31. Способ по любому из пп. 27-30, где способ дополнительно включает:

приведение в контакт образца со «вторым» антителом, которое специфически связывается с выделенным моноклональным антителом человека или его антигенсвязывающим фрагментом; и

детекцию связывания «второго» антитела с образцом;

где повышение уровня связывания «второго» антитела с образцом, по сравнению с уровнем связывания «второго» антитела с контрольным образцом, указывает на наличие ВИЧ-1-инфекции у индивидуума.

32. Способ профилактики или лечения инфекции, вызванной вирусом иммунодефицита человека (ВИЧ)-1, у индивидуума, включающий введение индивидууму терапевтически эффективного количества композиции по п. 26, тем самым осуществляя профилактику или лечение ВИЧ-1-инфекции.

33. Способ по п. 32, где способом является способ лечения ВИЧ-инфекции, и где индивидуум страдает синдромом приобретенного иммунодефицита (СПИД).

34. Способ по п. 32 или 33, который дополнительно включает введение индивидууму дополнительного противовирусного средства.
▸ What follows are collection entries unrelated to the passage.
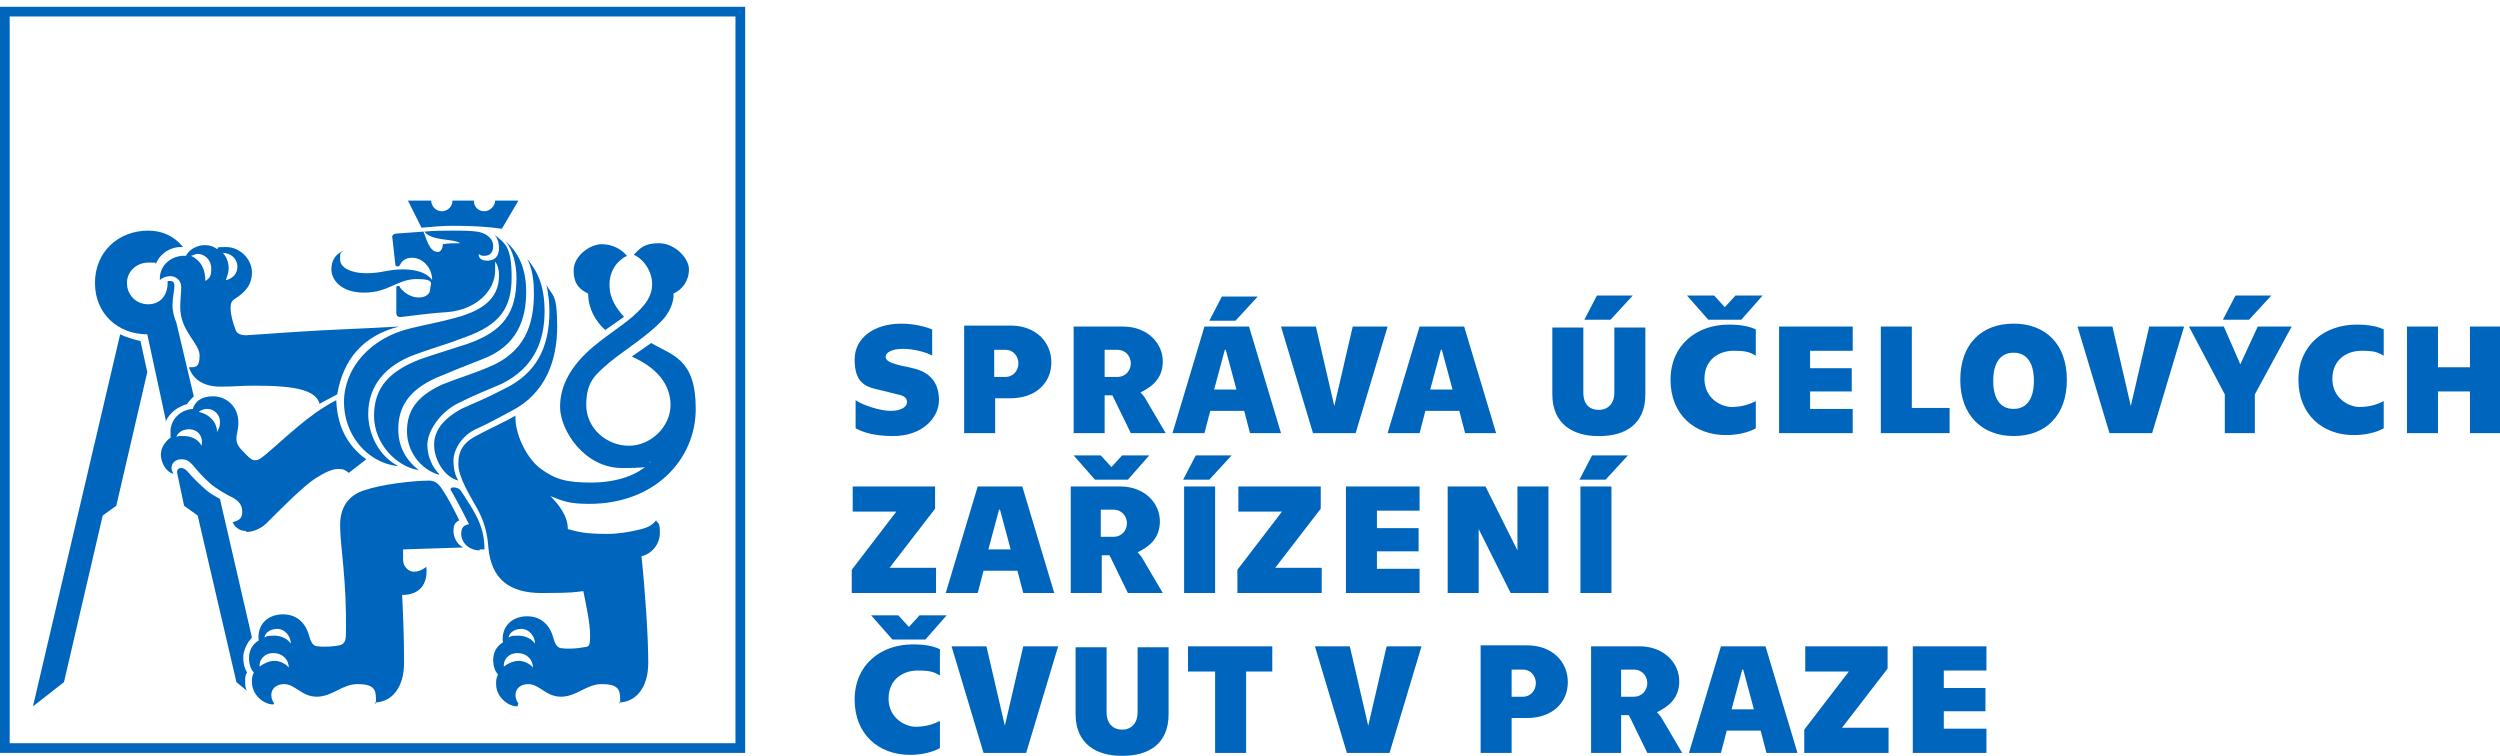 <?xml version="1.0" encoding="UTF-8"?>
<svg xmlns="http://www.w3.org/2000/svg" version="1.1" viewBox="0 0 258 78">
  <defs>
    <style>
      .cls-1 {
        fill: none;
      }

      .cls-2 {
        fill: #0065bd;
      }
    </style>
  </defs>
  <!-- Generator: Adobe Illustrator 28.6.0, SVG Export Plug-In . SVG Version: 1.2.0 Build 709)  -->
  <g>
    <g id="Vrstva_1">
      <path class="cls-2" d="M76.9,77.7H0V.7h76.9v77ZM1,76.7h74.9V1.7H1v75Z"/>
      <path class="cls-2" d="M62.4,34.1l2-1.4c-.7-.8-1.5-1.8-1.5-3.3s.8-2.5,1.8-3c-.5-.6-1.4-1.2-2.6-1.2s-2.9,1.2-2.9,2.7.7,2,1.5,2.4c0,1.5.7,2.8,1.8,3.8ZM51.8,23.6l1.7-2.9h-2.4c0,.5-.5,1.1-1.1,1.1s-1.1-.4-1.1-1.1h-2.2c0,.6-.5,1.1-1.1,1.1s-1.1-.5-1.1-1.1h-2.4l1.4,2.8c1.1-.1,2.2-.2,3.2-.2,2,0,3.7.1,5,.3ZM47.3,49.6c-.3-.5-.5-1.1-.5-2.1s.8-2.6,2.5-3.3c1.1-.5,2-1,3.5-1.8,3.5-1.8,4.7-5.2,4.7-8.7s-.5-3.1-1.1-4.3c.2,1,.3,1.8.3,2.7,0,3.7-1.3,6.4-4.6,8-2.1,1.1-3.2,1.5-4.5,2.1-1.8,1-2.8,2.2-2.8,3.7s1,3.3,2.5,3.7ZM45.3,48.9c-.6-.6-1.2-1.7-1.2-3s1.2-3.3,3.2-4.3c1.8-.9,2.9-1.3,4.5-2,3.4-1.7,4.4-4.5,4.4-7.5s-1-4.4-1.8-5.4c.6,1.1.7,2.5.7,3.6,0,3.3-1,6.1-4.7,7.6-1.9.8-3.1,1.1-4.8,1.8-2.6,1.2-3.6,2.7-3.6,4.8,0,2,1.3,3.9,3.3,4.5ZM43.2,48.5c-.9-.7-2.1-2-2.1-4.2s1-4,3.9-5.3c1.9-.8,2.9-1.2,4.7-1.9,3.8-1.4,4.6-4.3,4.6-7s-1-4.2-2.1-5.2c.7.9,1.1,2.3,1.1,3.8,0,3.5-1.3,5.5-5.1,6.8-1.5.5-3.2,1-4.9,1.6-3.1,1.2-4.7,2.9-4.7,5.8s2.3,5.2,4.5,5.6ZM41.1,48.1c-2.1-1.1-3.1-3.4-3.1-5.4,0-2.9,1.8-5,4.8-6.1,1.9-.7,3.4-1.1,5.2-1.8,3.6-1.3,4.8-3,4.8-6.2s-.7-3.5-1.8-4.4c.4.4.5,1,.5,1.4,0,.9-.5,1.3-1.2,1.3s-.9-.3-.9-.7c.2.2.4.2.6.2.6,0,.9-.4.9-1,0-.9-.9-1.4-1.7-1.5-.7-.1-1.5-.1-2.5-.1s-1.8,0-2.9.1c.7,1,3,.7,3.7,1.2-.6,0-1.2,0-1.8.1,0,.4-.2.8-.5.8-.7,0-1-.7-1.5-2.1l-2.7.2c-.4,0-.6.2-.5.5l.3,2.7c0,.1.1.2.2.2s.2,0,.3-.2c.1-.2.4-.7,1.2-.7,1.2,0,2.1,1.1,2.1,2.3-.4-.6-1.4-1.1-3-1.1s-2.2.4-3.8.4-2.7-.6-2.7-1.4,0-.6.3-.9c-.7.3-1.2.9-1.2,1.9s.9,2.4,3.4,2.4,3.4-1.4,5.4-1.4,1.4.5,1.4,1-.4.9-1.2.9-1.5-.5-1.9-1c0-.1-.1-.2-.2-.2-.2,0-.2.1-.2.2v2.6c0,.3.2.5.6.4,1.6-.2,3.2-.4,4.8-.5,2.9-.3,4.8-2.2,4.8-4.3s0-.6,0-.9c.3.4.4.9.4,1.4,0,2-1.1,3.5-4.5,4.4-1.8.5-3.1.7-4.7,1.1-4.1,1-6.8,4.1-6.8,7.6,0,3.3,2.3,6.2,5.5,6.6ZM23.3,28.9c.2-.5.3-.9.3-1.2,0-.7-.3-1.3-.6-1.6.8,0,1.5.6,1.5,1.4s-.5,1.2-1.1,1.4ZM33.1,41.6l1.7-.9c.6-3.6,2.7-6.1,6.4-7-2,.1-3.7.2-6.1.3-2.6.1-6.8.4-9.7.6-.6,0-1-.2-1.1-.6-.2-.5-.5-1.5-.5-2.1,0-.5,0-.8.5-1.1.9-.6,1.7-1.3,1.7-2.7s-1.3-2.6-2.6-2.6-.7,0-1,.2c-.3-.2-.6-.4-1.3-.4-.9,0-1.7.6-1.9,1.1-1.5-.1-2.8,1-2.7,2.5.2-.2.6-.4,1.1-.4s1.1.4,1.1,1.1-.1,1.3-.1,2.1c0,2.5,2,3.7,2,5s-.5,1.2-1.1,1.2c.4,1.3,1.6,2,3.2,2s2-.1,3.6-.1c4.4,0,6.3.5,6.7,1.9ZM49.5,56.7h.5c0-1.7-.5-2.9-1.2-4.1-.4-.7-.9-1.4-1.2-1.9-.2-.3-.5-.4-.8-.4s-.4.2-.2.4c.4.7,1,1.8,1.8,3.4-.6.1-.8.4-.8,1,0,.9.8,1.7,1.9,1.7ZM21.2,29.1c0-1.5-.6-2.3-1.5-2.7.2,0,.4-.2.7-.2.7,0,1.4.6,1.4,1.5s-.2,1-.6,1.3ZM55.3,66.6c-.2-.5-.9-1-1.8-1s-.8.1-1,.2c0-.4.5-.9,1.3-.9s1.5.8,1.4,1.7ZM55,68.9c-.3-.4-.9-.7-1.5-.7s-1.3.4-1.5.6c-.1-.6.4-1.4,1.4-1.4s1.6.7,1.6,1.5ZM17.1,43.5c.4-.9,1.2-1.5,2.2-1.8.2-.3.5-.6.7-.8l-1.8-7.6c-.2-.5-.4-1.1-.4-1.8s.2-1.6.2-2-.2-.5-.4-.5-.3,0-.3,0v.2c0,1.2-.7,2.2-2,2.2s-2.2-1-2.2-2.2,1-2.1,2.2-2.1.5,0,.8.1c.4-1,1.5-1.8,2.8-1.7-.9-1.1-2.1-1.7-3.6-1.7-3.1,0-5.5,2.2-5.5,5.4s2.4,5.3,5.4,5.3l1.9,8.8ZM25.4,54.9c.8,0,1.7-.4,2.4-1.2,1.4-1.4,3.5-3.5,4.7-4.3,1.1-.7,1.8-1,2.4-1s.7.1,1.1.4l1.8-1.4c-2.1-1.5-3-3.6-3.1-6.1-2.9,1.5-5,3.7-7.4,5.7-.4.3-.6.5-1,.5s-.7-.4-1.3-1c-.5-.5-.6-.9-.6-1.2,0-.6.2-.9.2-1.7,0-1.7-1.3-2.7-2.6-2.7s-1.9.6-2.1,1.3c-1.4.1-2.3,1.2-2.3,2.3s0,.5.1.6c-.5.3-1.1,1-1.1,1.8s.5,1.8,1.3,2c-.1-.2-.2-.4-.2-.6,0-.5.4-.9,1-.9s.8.2,1.2.6c.5.6,1,1.2,1.8,1.9.7.6,1.6,1.1,2.4,1.5.5.3.9.7.9,1.4s-.3.9-1,1.1c.3.6.8.9,1.4.9ZM22.4,44.6c0-1.1-.9-1.9-1.9-2.1.2-.1.4-.3.9-.3.7,0,1.3.6,1.3,1.3s-.2.8-.3,1.1ZM28.3,72.6c-.2-.3-.3-.5-.3-.9,0-.6.5-1.1,1.3-1.1,1.2,0,1.8,1.3,3.4,1.3s2.6-1.3,4.2-1.3,1.9.5,1.9,1.5,0,.3-.2.4c1.8,0,3.1-1.5,3.1-4.1s-.1-5-.2-7c1.4,0,2.7-.7,2.5-2.9-.4.3-.8.5-1.3.5s-1.1-.5-1.1-1.2,0-.7,0-1.1l6.2-.2c-.6-.3-1-1-1-1.7s.2-.9.6-1.1c-.6-1.2-1.1-2.2-1.7-3.1-.3-.5-.7-1-1.4-1-1.7,0-5,.4-6.7,1-1.3.4-2.5,1.4-2.5,3.6s.7,5.6.6,11.2c0,.8-.2,1.1-.7,1.2-.4.1-1.5.2-2.2.1-.4,0-.7-.3-.9-1.1-.3-1.1-1.1-2.2-2.7-2.2s-2.7,1.1-2.5,2.7c-.7.4-1,1.1-1,1.8s.2,1.2.5,1.5c-.2.4-.2.6-.2,1,0,1.3,1.2,2.3,2.2,2.3ZM20.8,46c-.3-.6-1-1-1.8-1s-.6,0-.8.1c.1-.4.6-.8,1.3-.8.9,0,1.5.7,1.3,1.7ZM30.1,66.6c-.2-.5-.9-1-1.8-1s-.8.1-1,.2c0-.4.5-.9,1.3-.9s1.5.8,1.4,1.7ZM25.5,71.3c-.2-.3-.2-.6-.2-1s0-.6.2-.9c-.3-.5-.4-1-.4-1.6s.4-1.5.9-2l-3.3-14.3c-.5-.3-1.1-.6-1.5-1-.7-.6-1.2-1.1-1.9-1.9-.2-.2-.4-.3-.6-.3-.3,0-.5.2-.4.6l.7,3.3,1.4,1,4,17.2,1.1.9ZM29.8,68.9c-.3-.4-.9-.7-1.5-.7s-1.3.4-1.5.6c-.1-.6.4-1.4,1.4-1.4s1.6.7,1.6,1.5ZM3.4,72.9l3.2-2.5,4-17.2,1.4-1,3.2-13.8-.7-3.2c-.8-.2-1.5-.4-2.1-.7L3.4,72.9ZM53.5,72.6c-.2-.3-.3-.5-.3-.9,0-.6.5-1.1,1.3-1.1,1.2,0,1.8,1.3,3.4,1.3s2.6-1.3,4.2-1.3,1.9.5,1.9,1.5,0,.3-.2.4c1.8,0,3.1-1.5,3.1-4.1s-.3-7.2-.7-11c1-.2,1.9-1.2,1.9-2.4s-.2-.9-.4-1.3c-.3.4-.7.7-1.5.9-1.1.3-2.5.5-3.5.5-2.3,0-3-.2-4.1-.5,0-1.4-1-2.6-1.8-3.4,1.3.5,1.9.8,4,.8,6.8,0,11-4.6,11-9.8s-2.4-5.5-4.6-6.8l-2,1.4c2.5,1.1,4,2.8,4,5s-2,4.2-4.3,4.2-4.4-1.8-4.4-4.2.9-3.1,2.4-4.4c1.6-1.3,4-2.8,5.4-4.3.7-.7,1.3-1.9,1.2-2.8.9-.4,1.6-1.3,1.6-2.5s-1.5-2.7-3.1-2.7-2,.6-2.6,1.2c1,.4,1.9,1.7,1.9,3s-.7,2.1-1.5,2.9c-1.2,1.2-2.8,2.1-4.6,3.6-2.1,1.8-3.4,3.8-3.4,6.2s2.5,6.3,6.4,6.3,2.3-.3,3-.7c-1.3,1.5-3.7,2.2-6.2,2.2s-3.7-.3-5.3-1.5c-1.4-1.1-2.6-3.6-2.5-5.4-1.2.7-2.6,1.3-3.7,1.9-1.7.8-2.2,1.7-2.2,3.1s1.3,3.4,1.9,4.5c.8,1.4,1.1,2.7,1.2,4.1.3,3.3,2.2,4.7,5.5,4.7s3.5-.1,4.3-.2c.3,1.5.7,3.3.7,4.6s-.2,1.1-.7,1.2c-.4.1-1.5.2-2.2.1-.4,0-.7-.3-.9-1.1-.3-1.1-1.1-2.2-2.7-2.2s-2.7,1.1-2.5,2.7c-.7.4-1,1.1-1,1.8s.2,1.2.5,1.5c-.2.4-.2.6-.2,1,0,1.3,1.2,2.3,2.2,2.3Z"/>
      <path class="cls-2" d="M197.4,77.7h7.6v-2.5h-4.4v-1.8h4.3v-2.4h-4.3v-1.8h4.4v-2.5h-7.6v11ZM186.3,77.7h8.6v-2.6h-4.8l4.7-6.1v-2.3h-8.5v2.6h4.5l-4.6,6v2.4ZM178.7,73.2l1.1-4.1h.1l1.1,4.1h-2.3ZM182.2,77.7h3.3l-3.3-11h-4.6l-3.3,11h3.3l.6-2.3h3.5l.6,2.3ZM167.3,71.8v-2.7h1.3c.9,0,1.4.7,1.4,1.4s-.5,1.4-1.4,1.4h-1.3ZM164.1,77.7h3.2v-3.9h.8l1.9,3.9h3.6l-2-3.4c-.2-.4-.5-.7-.6-.8h0c1-.5,2.3-1.3,2.3-3.2s-1.6-3.6-4.1-3.6h-5v11ZM156,71.8v-2.7h1.2c.7,0,1.3.6,1.3,1.4s-.6,1.4-1.3,1.4h-1.2ZM152.8,77.7h3.2v-3.6h1.6c2.6,0,4.2-1.6,4.2-3.7s-1.6-3.8-4.2-3.8h-4.8v11ZM139.1,77.7h4.3l3.3-11h-3.6l-1.9,8.2h0l-1.9-8.2h-3.6l3.3,11ZM125.4,77.7h3.2v-8.4h2.7v-2.6h-8.7v2.6h2.8v8.4ZM115.9,78c2.6,0,4.7-1.2,4.7-4.3v-6.9h-3.2v6.7c0,1.2-.7,1.8-1.6,1.8s-1.6-.6-1.6-1.8v-6.7h-3.2v6.9c0,3.1,2.2,4.3,4.7,4.3ZM101.6,77.7h4.3l3.3-11h-3.6l-1.9,8.2h0l-1.9-8.2h-3.6l3.3,11ZM93.9,77.9c1.3,0,2.4-.3,3.1-.7v-2.8c-.6.3-1.4.6-2.5.6s-2.8-.9-2.8-2.9,1.5-2.9,3-2.9,1.7.2,2.3.5v-2.7c-.6-.3-1.5-.5-2.8-.5-3.3,0-6,2.1-6,5.7s2.5,5.7,5.7,5.7ZM92.2,66h3.3l2.2-2.5h-2.8l-1.1,1.2h0l-1.1-1.2h-2.8l2.2,2.5Z"/>
      <path class="cls-2" d="M163.1,61.2h3.2v-11h-3.2v11ZM163,49.5h2.7l2.3-2.5h-3.7l-1.3,2.5ZM149.4,61.2h3.2v-6.6h0l3.3,6.6h3.9v-11h-3.2v6.6h0l-3.3-6.6h-3.9v11ZM138.9,61.2h7.6v-2.5h-4.4v-1.8h4.3v-2.4h-4.3v-1.8h4.4v-2.5h-7.6v11ZM127.8,61.2h8.6v-2.6h-4.8l4.7-6.1v-2.3h-8.5v2.6h4.5l-4.6,6v2.4ZM122.2,61.2h3.2v-11h-3.2v11ZM122.1,49.5h2.7l2.3-2.5h-3.7l-1.3,2.5ZM113.6,55.3v-2.7h1.3c.9,0,1.4.7,1.4,1.4s-.5,1.4-1.4,1.4h-1.3ZM110.5,61.2h3.2v-3.9h.8l1.9,3.9h3.6l-2-3.4c-.2-.4-.5-.7-.6-.8h0c1-.5,2.3-1.3,2.3-3.2s-1.6-3.6-4.1-3.6h-5.1v11ZM113.1,49.5h3.3l2.2-2.5h-2.8l-1.1,1.2h0l-1.1-1.2h-2.8l2.2,2.5ZM102,56.7l1.1-4.1h.1l1.1,4.1h-2.3ZM105.5,61.2h3.3l-3.3-11h-4.6l-3.3,11h3.3l.6-2.3h3.5l.6,2.3ZM88,61.2h8.6v-2.6h-4.8l4.7-6.1v-2.3h-8.5v2.6h4.5l-4.6,6v2.4Z"/>
      <path class="cls-2" d="M248.4,33.7v11h3.2v-4.3h3.3v4.3h3.2v-11h-3.2v4.2h-3.3v-4.2h-3.2ZM242.9,44.9c1.3,0,2.4-.3,3.1-.7v-2.8c-.6.3-1.4.6-2.5.6s-2.8-.9-2.8-2.9,1.5-2.9,3-2.9,1.7.2,2.3.5v-2.7c-.6-.3-1.5-.5-2.8-.5-3.3,0-6,2.1-6,5.7s2.5,5.7,5.7,5.7ZM229.5,44.7h3.2v-4l3.8-7h-3.5l-1.8,3.9h0l-1.7-3.9h-3.6l3.7,7v4ZM229.4,33h2.7l2.3-2.5h-3.7l-1.3,2.5ZM217.8,44.7h4.3l3.3-11h-3.6l-1.9,8.2h0l-1.9-8.2h-3.6l3.3,11ZM207.8,42.2c-1.4,0-2.1-1.1-2.1-2.9s.7-2.9,2.1-2.9,2.1,1.1,2.1,2.9-.7,2.9-2.1,2.9ZM207.8,45c3.3,0,5.5-2.1,5.5-5.8s-2.2-5.8-5.5-5.8-5.5,2.1-5.5,5.8,2.3,5.8,5.5,5.8ZM194.1,44.7h7.1v-2.6h-3.9v-8.4h-3.2v11ZM183.6,44.7h7.6v-2.5h-4.4v-1.8h4.3v-2.4h-4.3v-1.8h4.4v-2.5h-7.6v11ZM178.1,44.9c1.3,0,2.4-.3,3.1-.7v-2.8c-.6.3-1.4.6-2.5.6s-2.8-.9-2.8-2.9,1.5-2.9,3-2.9,1.7.2,2.3.5v-2.7c-.6-.3-1.5-.5-2.8-.5-3.3,0-6,2.1-6,5.7s2.5,5.7,5.7,5.7ZM176.4,33h3.3l2.2-2.5h-2.8l-1.1,1.2h0l-1.1-1.2h-2.8l2.2,2.5ZM165.1,45c2.6,0,4.7-1.2,4.7-4.3v-6.9h-3.2v6.7c0,1.2-.7,1.8-1.6,1.8s-1.6-.5-1.6-1.8v-6.7h-3.2v6.9c0,3.1,2.2,4.3,4.7,4.3ZM163.5,33h2.7l2.3-2.5h-3.7l-1.3,2.5ZM147.6,40.2l1.1-4.1h.1l1.1,4.1h-2.3ZM151.1,44.7h3.3l-3.3-11h-4.6l-3.3,11h3.3l.6-2.3h3.5l.6,2.3ZM135.6,44.7h4.3l3.3-11h-3.6l-1.9,8.2h0l-1.9-8.2h-3.6l3.3,11ZM125.3,40.2l1.1-4.1h.1l1.1,4.1h-2.3ZM128.9,44.7h3.3l-3.3-11h-4.6l-3.3,11h3.3l.6-2.3h3.5l.6,2.3ZM129.8,30.6h-3.7l-1.3,2.5h2.7l2.3-2.5ZM114,38.8v-2.7h1.3c.9,0,1.4.7,1.4,1.4s-.5,1.4-1.4,1.4h-1.3ZM110.8,44.7h3.2v-3.9h.8l1.9,3.9h3.6l-2-3.4c-.2-.4-.5-.7-.6-.8h0c1-.5,2.3-1.3,2.3-3.2s-1.6-3.6-4.1-3.6h-5.1v11ZM102.6,38.8v-2.7h1.2c.7,0,1.3.6,1.3,1.4s-.6,1.4-1.3,1.4h-1.2ZM99.5,44.7h3.2v-3.6h1.6c2.6,0,4.2-1.6,4.2-3.7s-1.6-3.8-4.2-3.8h-4.8v11ZM92.2,45c3,0,4.7-1.9,4.7-3.7s-.9-2.9-2.7-3.3c-.7-.2-1.1-.2-1.7-.4-.7-.2-1.1-.4-1.1-.8s.6-.8,1.8-.8,2.5.4,3,.7v-2.7c-.7-.3-1.9-.6-3.2-.6-2.7,0-4.8,1.4-4.8,3.7s1,2.8,2.4,3.1c.8.2,1.3.3,2,.5.6.1,1,.3,1,.8s-.6.9-1.7.9-2.9-.6-3.6-1.1v2.9c.9.5,2.2.8,3.8.8Z"/>
      <rect class="cls-1" width="258" height="78"/>
    </g>
  </g>
</svg>

35. Способ по п. 34, где дополнительное противовирусное средство содержит нуклеозидный аналог ингибитора обратной транскриптазы, нуклеотидный ингибитор обратной транскриптазы, не-нуклеозидный ингибитор обратной транскриптазы, ингибитор протеазы, ингибитор проникновения вируса в клетку или его слияния с клеткой, ингибитор созревания или ингибитор широкого спектра, или их комбинацию.

36. Способ по п. 32 или 33, который дополнительно включает введение индивидууму одного или более дополнительных антител или нуклеиновых кислот, кодирующих такие антитела, где дополнительные антитела специфически связываются с gp120 и/или gp41.

37. Способ по п. 32 или 33, который дополнительно включает введение индивидууму эффективного количества IL-15.

38. Способ по п. 32 или 33, который дополнительно включает определение титра ВИЧ-1 у индивидуума.

39. Способ тестирования на потенциальный иммуноген, включающий приведение в контакт потенциального иммуногена с антителом или его антигенсвязывающим фрагментом по любому из пп. 1-20; и детекцию связывания антитела, его антигенсвязывающего фрагмента или каркасного белка с иммуногеном, и тем самым определяя индукцию иммунного ответа использованным иммуногеном на вирус иммунодефицита человека.

40. Набор для детекции полипептида gp41, содержащий:

(a) антитело или его антигенсвязывающий фрагмент по любому из пп. 1-20, вектор экспрессии по п. 23 или композицию по п. 26; и

(b) инструкции по применению набора.

41. Применение выделенного моноклонального антитела или его антигенсвязывающего фрагмента по любому из пп. 1-20, вектора экспрессии по п. 23, или композиции по п. 26 для ингибирования или профилактики инфицирования индивидуума вирусом иммунодефицита человека типа 1.